Saturday, November 14, 2009

When VA Does Not Cite to Medical Evicence, Colvin v. Derwinski

We came across this older posting on the "“Top 10” Court Cases for Advocates", it makes a good point when they point out that VA and BVA may often make a determination that an in-service injury was “acute, without chronic residual disability.” I've seen this phrase used a lot.

This is similar to what was pointed out in our negative evidence posting, a conclusion which may or may not be referenced to any medical evidence. If there is not cited medical evidence, even if they do cite to evidence, make sure that it is correctly cited/quoted and not their [VA's] own unsubstantiated medical conclusion.

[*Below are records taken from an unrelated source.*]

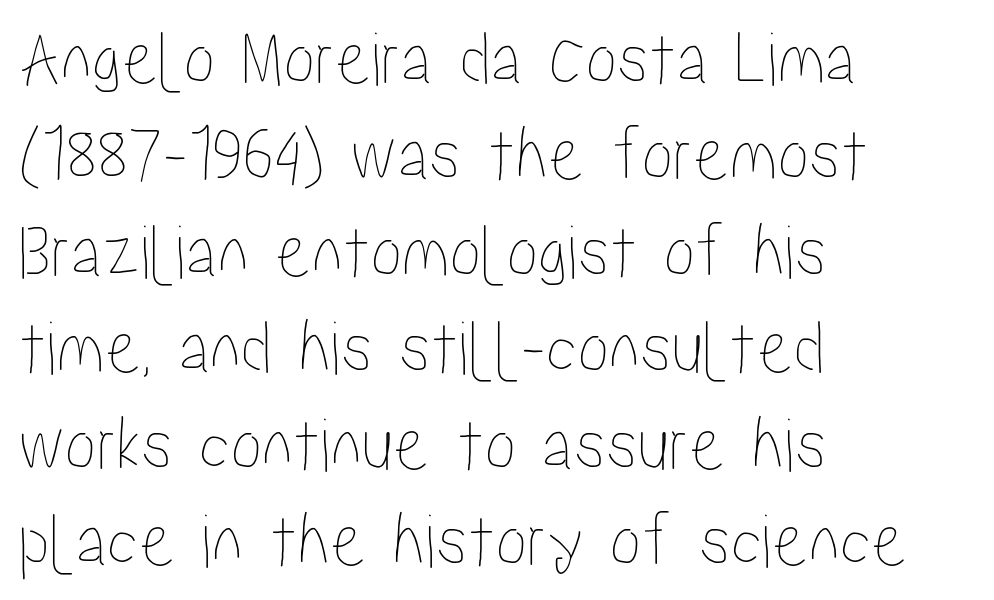
Designer's note — italics off, roman on. The letters sit at their default tracking, neither squeezed nor spread. This rendering uses left alignment, leaving the right contour irregular. The baseline area is clear.
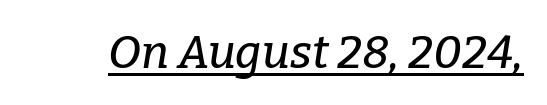
The image shows 46 px serif type, italic (leaning right); set normal letter spacing, underlined; low stroke contrast and a medium x-height.
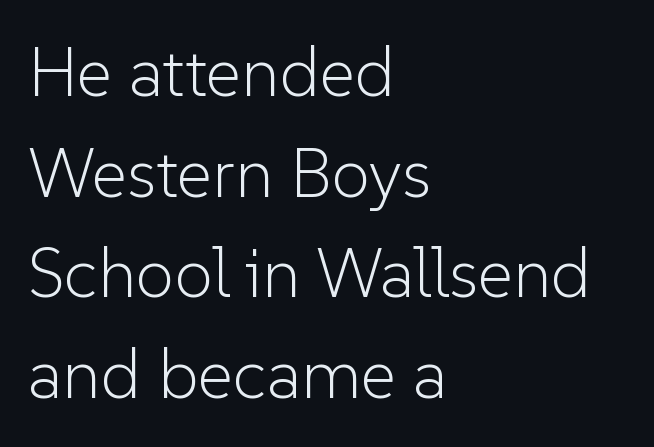
{"serif": "no", "italic": "no", "bold": "no", "weight": "light", "width": "normal", "stroke_contrast": "low", "x_height": "medium", "monospaced": "no", "underline": "no", "align": "left", "line_spacing": "normal", "line_spacing_ratio": 1.46, "letter_spacing": "normal", "letter_spacing_em": 0.0, "glyph_px": 69}

See the excerpt below citing to Colvin v. Derwinski

Full Article at:
THE VETERANS ADVOCATE
PDF file
A Veterans Law and Advocacy Journal
VOL. 19, NO. 1-6
January - June 2008

"VA Can’t Base Denial on its Own Medical Judgment
Colvin v. Derwinski, 1 Vet. App. 171 (1991)
Colvin stands for a now deeply embedded and fundamental principle of veterans law-the VA may use only independent medical evidence to support its benefits decisions. The VA may not use the medical opinion or judgment of the VA rater or BVA Veterans Law Judge to support a decision.
For many years prior to Colvin, VA decisions were based on the findings of VA physicians who were part of the decision-making process. A doctor employed by VA would not only provide the medical opinion that would be used to decide the claim, he or she would participate in deciding whether to grant or deny benefits.
This practice of having VA doctors play a decisionmaking role was ended by Colvin.
The Court held that:
If the medical evidence of record is insufficient, or, in
the opinion of the BVA, of doubtful weight or credibility,
the BVA is always free to supplement the
record by seeking an advisory opinion, ordering
a medical examination or citing recognized medical
treatises in its decisions that clearly support its
ultimate conclusions . . . . This procedure ensures
that all medical evidence contrary to the veteran’s
claim will be made known to him and be part of
the record before this Court.
Colvin, 1 Vet.App. at 175.
But advocates must watch out . . . even though the formal procedure of having a VA doctor play a decisionmaking role stopped after Colvin, VA raters and BVA Veterans Law Judges persist in relying on their own medical judgments to decide claims. For example, the VA and BVA may often make a determination that an in-service injury was “acute, without chronic residual disability.” However, the degree of injury and whether any disabilities resulted from the injury are medical assessments that the VA and the Board are not competent to make unless there is independent medical evidence to support that conclusion. This means that in many cases the VA’s determination that an in-service injury was acute and did not result in chronic disability may violate Colvin.

Another common problem is that the VA may dismiss favorable medical evidence of record without citing to medical evidence in the record or medical literature to support its rejection. A good rule of thumb based on Colvin is that if there is a VA-made medical conclusion-not directly based on a medical examination report, advisory opinion, or medical literature- the conclusion may be erroneous because the VA has no independent medical support for its findings.
Decisions containing unsupported medical conclusions should be appealed."